Торопливо натягивая тяжелое темно-синее пальто, он еще раз подошел к двери комнаты. Ирена только теперь заметила, как холодно поблескивают серые глаза мужа на раскрасневшемся лице.
— И еще одно, Ирена, чтобы я не забыл сказать! Я все-таки не позволю тебе окончательно погрязнуть в трясине. Не могу этого допустить. Надеюсь, вечером ты не изумишь меня новыми открытиями в науке об обществе. Поверь, достаточно и того, что ты уже открыла.
Он стремительно вышел. Было слышно, как лестница скрипит под его быстрыми шагами.

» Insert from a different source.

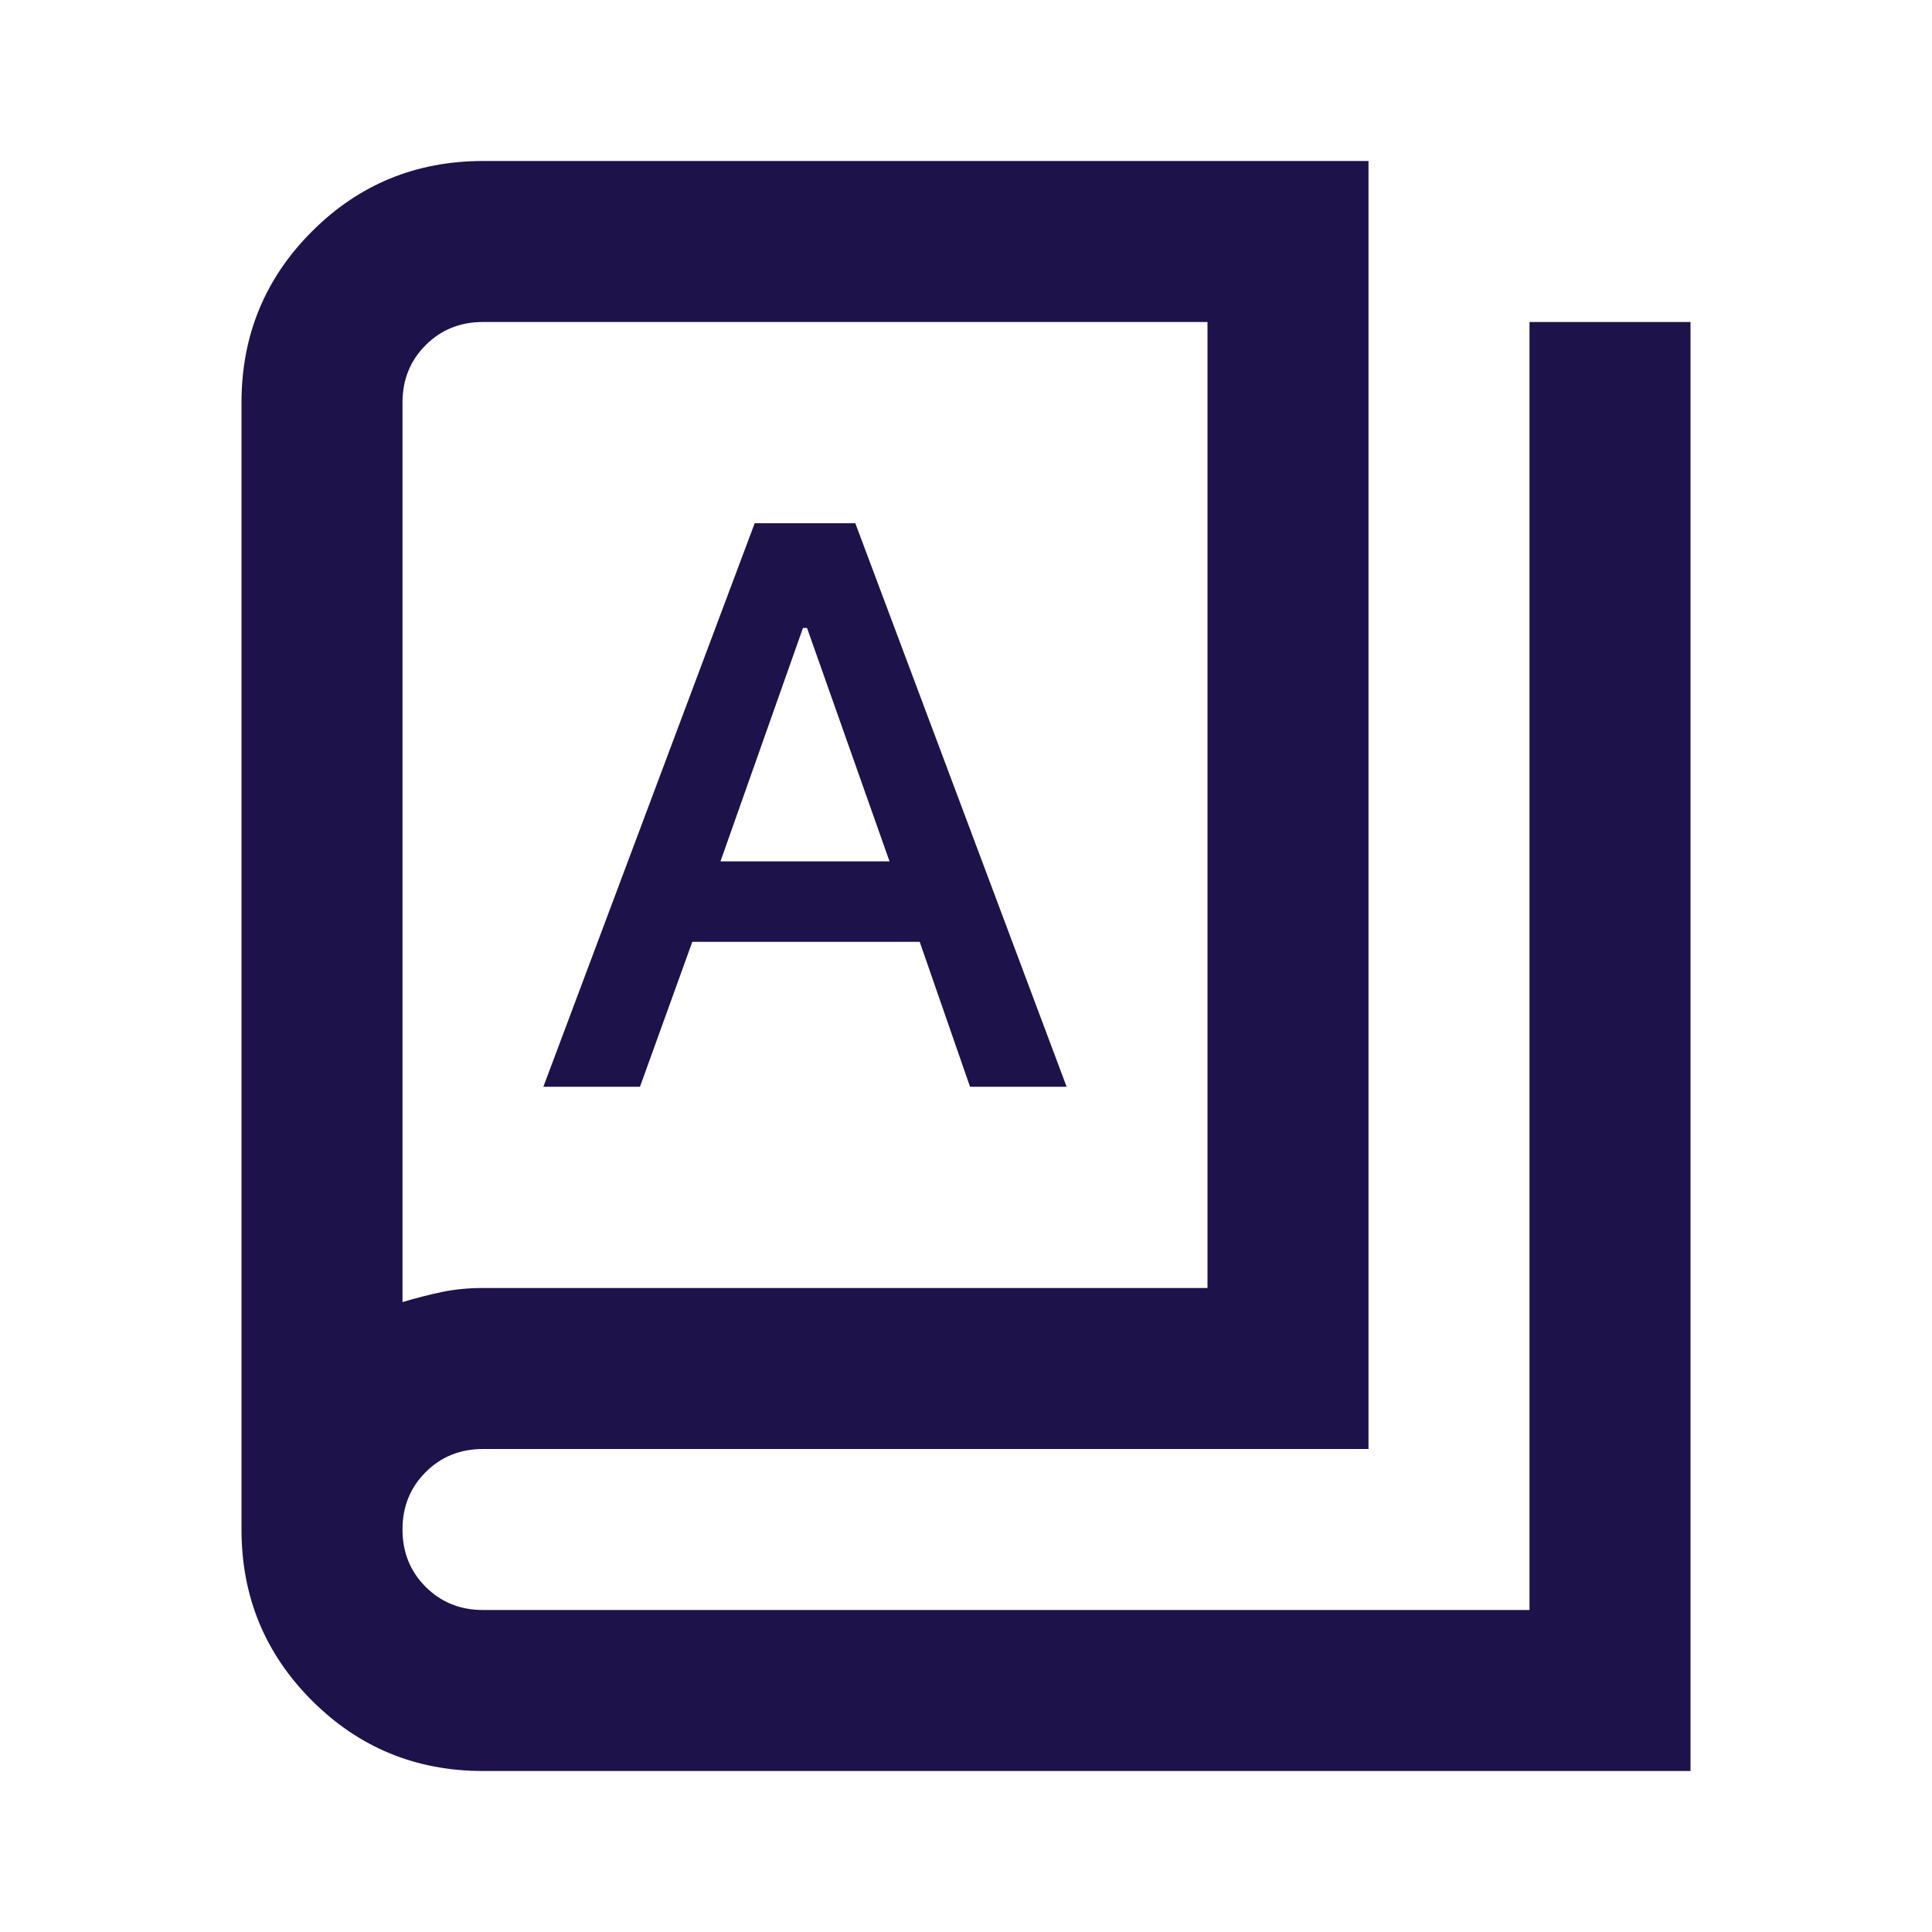 <?xml version="1.0" encoding="UTF-8"?>
<svg xmlns="http://www.w3.org/2000/svg" height="24px" viewBox="0 -960 960 960" width="24px" fill="#1E124A">
  <path d="M240-80q-50 0-85-35t-35-85v-560q0-50 35-85t85-35h440v640H240q-17 0-28.5 11.5T200-200q0 17 11.5 28.5T240-160h520v-640h80v720H240Zm0-240h360v-480H240q-17 0-28.5 11.5T200-760v447q10-3 19.5-5t20.5-2Zm30-100h48l26-72h113l25 72h48L425-700h-50L270-420Zm88-112 41-116h2l41 116h-84ZM200-313v-487 487Z"></path>
</svg>

Ирена не могла оставаться одна. Все предметы в этой большой, хорошо обставленной комнате словно просили ее уйти.
Айта не знала, где живет Пальтсер. Если б она могла предвидеть, что подруге так срочно понадобится его адрес, она бы спросила вчера, когда они с Вамбо прощались. Но ведь можно справиться в городском адресном бюро.
— Почему ты должна повидаться с ним именно сегодня? — удивилась Айта, глубоко затаив ревнивое чувство.
— Уж я такая. Мне перед ним ужасно неудобно. Это ощущение не проходит, а усиливается.
— Ты ни в чем не виновата.
— Айта, какие у тебя сегодня дела? Скажи, ты очень занята?
— А что?
— Нет, скажи, занята? Скажи правду.
— Не очень. Тетради надо проверить, но я еще успею. Подготовиться к урокам — два-три часа. Ах да, еще надо нанести один визит. Очень способный парнишка, но учительница русского языка жалуется, да и другие тоже, что он не учит уроков и не слушается. Я должна посмотреть, чем он занимается дома. Первые педагогические опыты.
— Значит, ты сегодня занята.
— Сегодня как раз сравнительно свободна. Ты хочешь, чтобы я пошла с тобой? Могу пойти.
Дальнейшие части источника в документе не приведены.